Open smadha opened 8 years ago
Actually we can try a much simple way. We expand training pairs with features of question and users.
invited_info_train.txt
Q_1 U_1 0
Q_2 U_2 1
..
..
Q_n U_n 0
Final training data -
Q_1F_1 Q_1F_2 Q_1F_3 U_1F_1 U_1F_2 U_1F_3 U_1F_4 0
Q_2F_1 Q_2F_2 Q_2F_3 U_2F_1 U_2F_2 U_2F_3 U_2F_4 1
..
..
Q_nF_1 Q_nF_2 Q_nF_3 U_nF_1 U_nF_2 U_nF_3 U_nF_4 0
We can now train any classifier like BDT, SVM and get a model.
Test data can be formed as
Q_iF_1 Q_iF_2 Q_iF_3 U_iF_1 U_iF_2 U_iF_3 U_iF_4
Once we create clusters we can remove bag of word features and replace them with cluster ids.
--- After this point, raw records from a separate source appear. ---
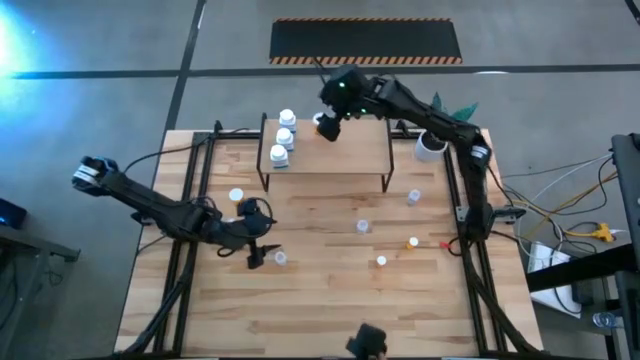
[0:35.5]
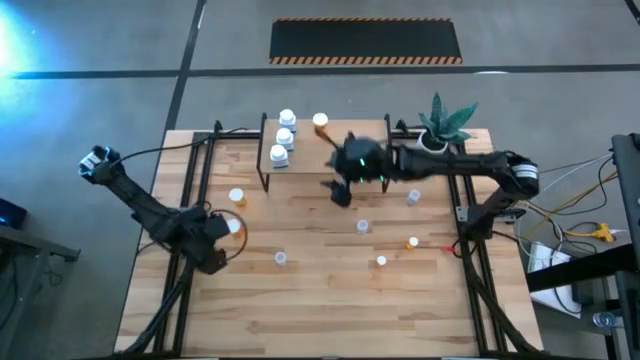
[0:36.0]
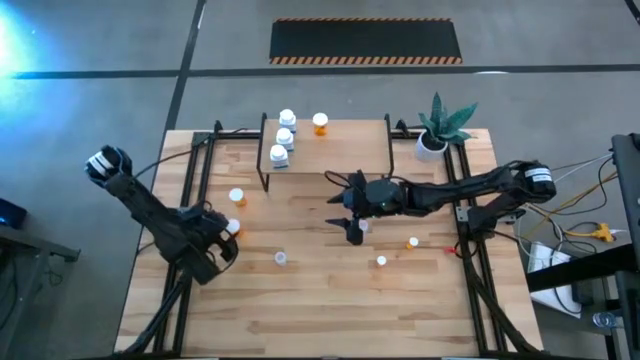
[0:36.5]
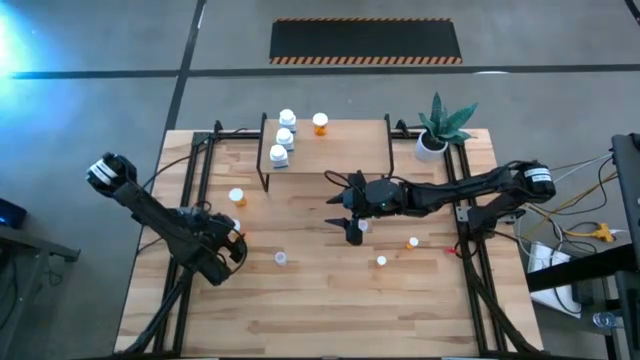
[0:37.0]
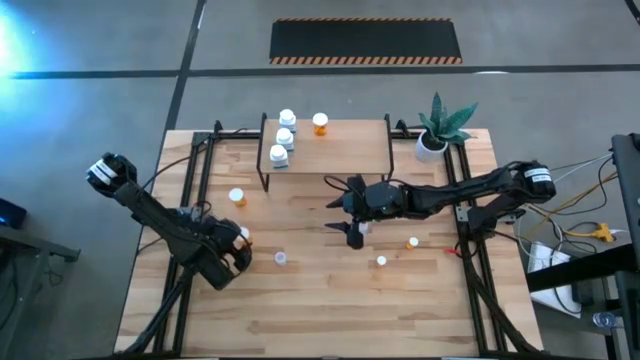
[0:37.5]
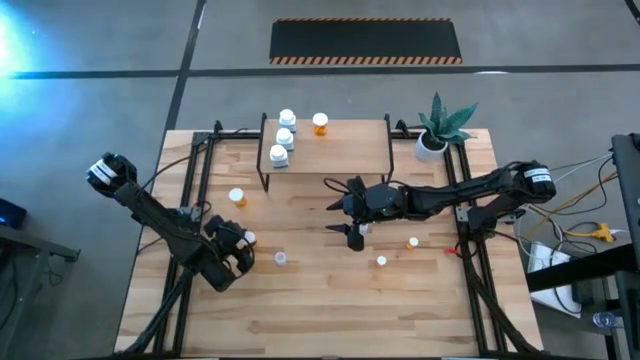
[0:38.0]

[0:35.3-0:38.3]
Put the bottom big orange pill bottle on the shelf aligned with the other big orange pill bottles

We will create different clusters on basis of Word ID sequence and Character ID sequence in user_info.txt and question_info.txt
For every user, question (U_i,Q_i) pair in test data. Find all the users in training data who have already answered/ignored this question Q_i. let's call then U_a and U_ig From here we can make it a binomial classifier where users who ignored become class 0 and users who answered become class 1.
Similarly we can find all the questions in training data already answered/ignored by user U_i and build a classifier using similar method
Clusters can add as features in this model.